Some Officials Open to Requiring Asset Declarations

In his work report at the opening of the 18th Party Congress, President Hu Jintao spoke out about corruption at the highest levels of government. The official China Daily quotes his speech:

“Leading officials at all levels, especially high-ranking officials, must readily observe the code of conduct on clean governance and report all important matters,” Hu said in a keynote speech at the opening of the CPC’s 18th National Congress.

“They should both exercise strict self-discipline and strengthen education and supervision over their families and their staff; and they should never seek any privilege,” Hu said.

However, Hu offered no specifics about how the Party could carry out such reforms. Forcing officials to declare their assets is one potential method. Two up and coming officials, Guangdong’s Wang Yang and Shanghai’s Yu Zhengsheng, both of whom are vying for a position on the powerful Politburo Standing Committee, told foreign journalists at the Party Congress that they are open to the idea. From Reuters:

The comments by Wang Yang, party boss of Guangdong province, and Yu Zhengsheng, Shanghai’s Communist chief, come at a time of heightened sensitivity about the wealth of China’s top leaders on the eve of a once-a-decade leadership transition.

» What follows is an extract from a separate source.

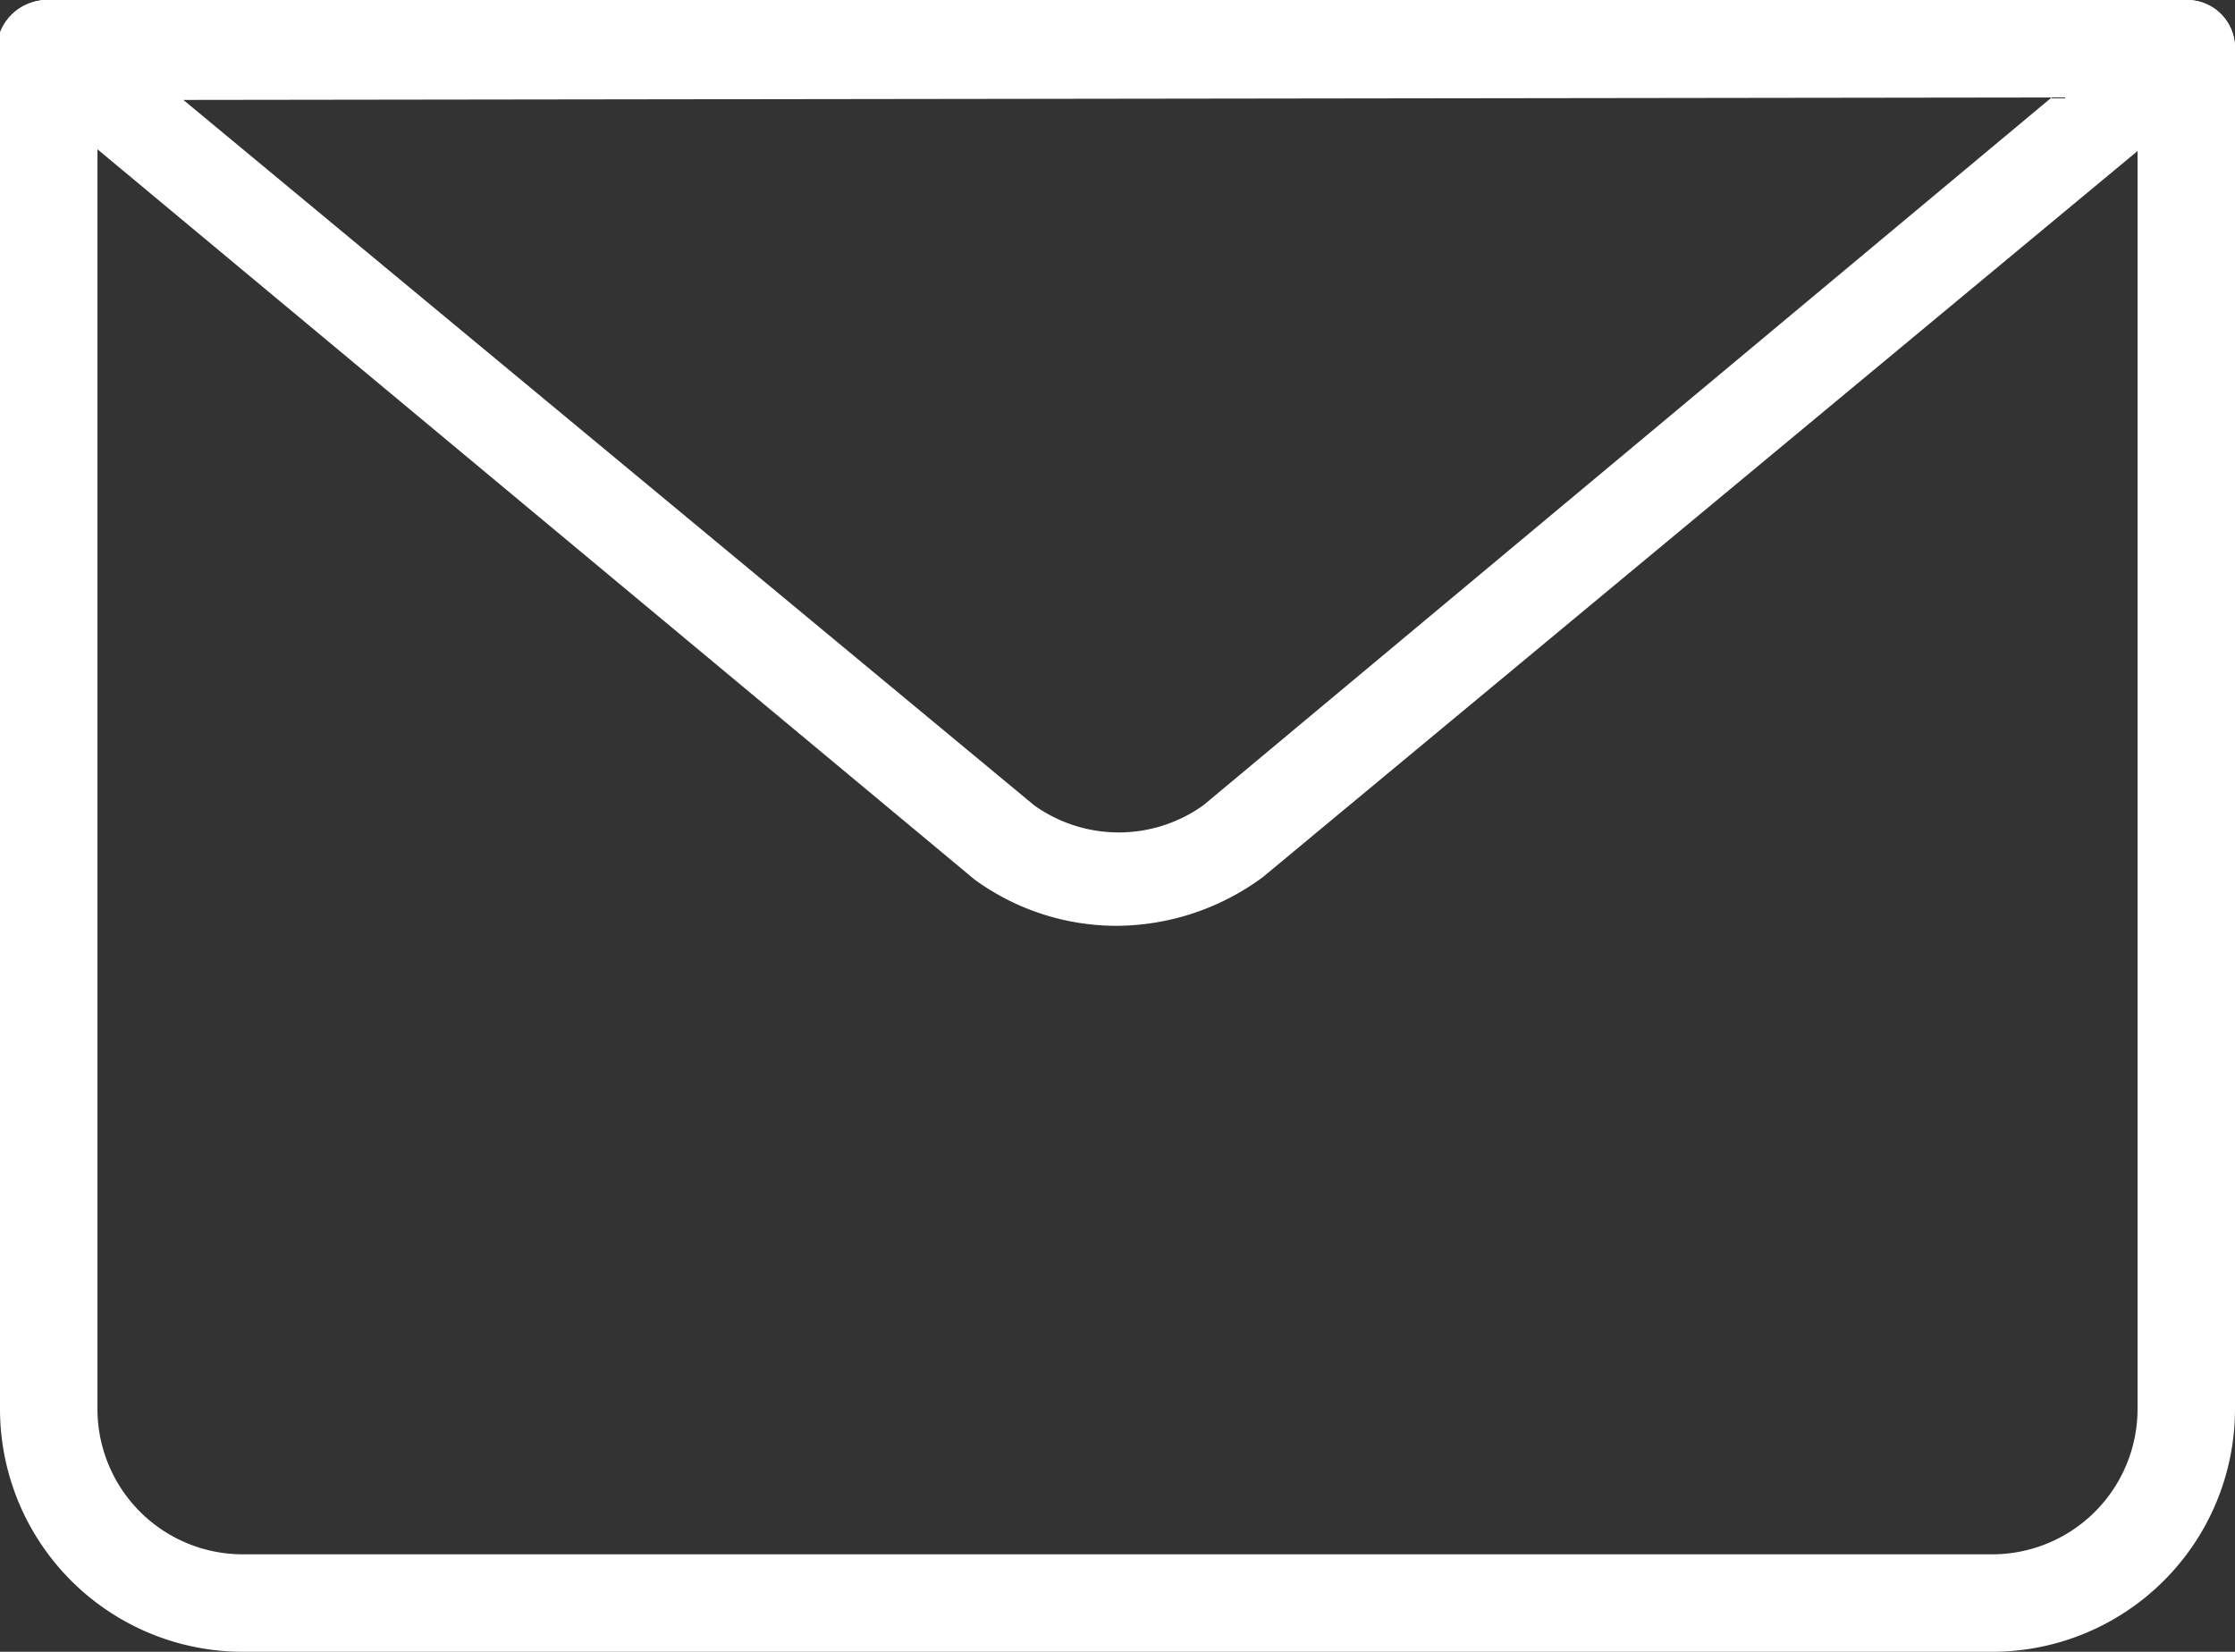 <svg xmlns="http://www.w3.org/2000/svg" viewBox="0 0 27.06 20"><rect x="0" y="0" width="27.06" height="20" fill="#333333" stroke="none"/><defs><style>.cls-1{fill:#fff}</style></defs><g id="レイヤー_2" data-name="レイヤー 2"><g id="icn"><g id="email"><path class="cls-1" d="M24.12 20H2.94A2.94 2.94 0 0 1 0 17.06V.59A.58.58 0 0 1 .59 0a.59.59 0 0 1 .59.59v16.47a1.76 1.76 0 0 0 1.76 1.76h21.18a1.76 1.76 0 0 0 1.76-1.76V.59a.59.59 0 0 1 .59-.59.58.58 0 0 1 .59.59v16.47A2.94 2.94 0 0 1 24.12 20z"/><path class="cls-1" d="M13.52 11.21a2.92 2.92 0 0 1-1.72-.56L.21 1A.6.6 0 0 1 0 .39.61.61 0 0 1 .59 0h25.88a.58.58 0 0 1 .53.39.58.58 0 0 1-.17.65l-11.54 9.58a3 3 0 0 1-1.77.59zm-11.3-10l10.3 8.54a1.76 1.76 0 0 0 2.05 0l10.27-8.57z"/><path class="cls-1" d="M26.47 1.18H.59A.59.59 0 0 1 0 .59.58.58 0 0 1 .59 0h25.88a.58.58 0 0 1 .59.59.59.59 0 0 1-.59.59z"/></g></g></g></svg>

Official ostentation has become a hot-button issue on the Chinese Internet. One official was recently sacked and put under investigation after web surfers compiled pictures of him wearing several different luxury watches.

Wang said Guangdong was “exploring” ways to compel officials of the fast-developing province to declare their assets.

“I believe that we Chinese officials will make public our assets step by step in line with central provisions,” said Wang, who some political observers believe is a contender for a spot in the elite Politburo Standing Committee next week.

AP explains why Wang Yang’s views may carry some weight:

Wang’s views matter. An ally of Hu’s from their days 30 years ago in the Communist Youth League, Wang has gone on to forge credentials as a reformer. In Guangdong, he has tried to guide the economy away from labor-intensive assembly-line processing and enacted more tolerant rules for environmental and other local activist groups that the party has mostly tried to suppress.

Wang has been considered a candidate for the new leadership, the Politburo Standing Committee, though party-connected scholars say his policies and popularity have brought a pushback from conservatives, diminishing his chances.

“All party members are reformers,” Wang told reporters Friday, brushing off a question about his prospects. “The report clearly states the goal of the party congress is to liberate thoughts, reform and open up, rally efforts and overcome obstacles. This will not change.”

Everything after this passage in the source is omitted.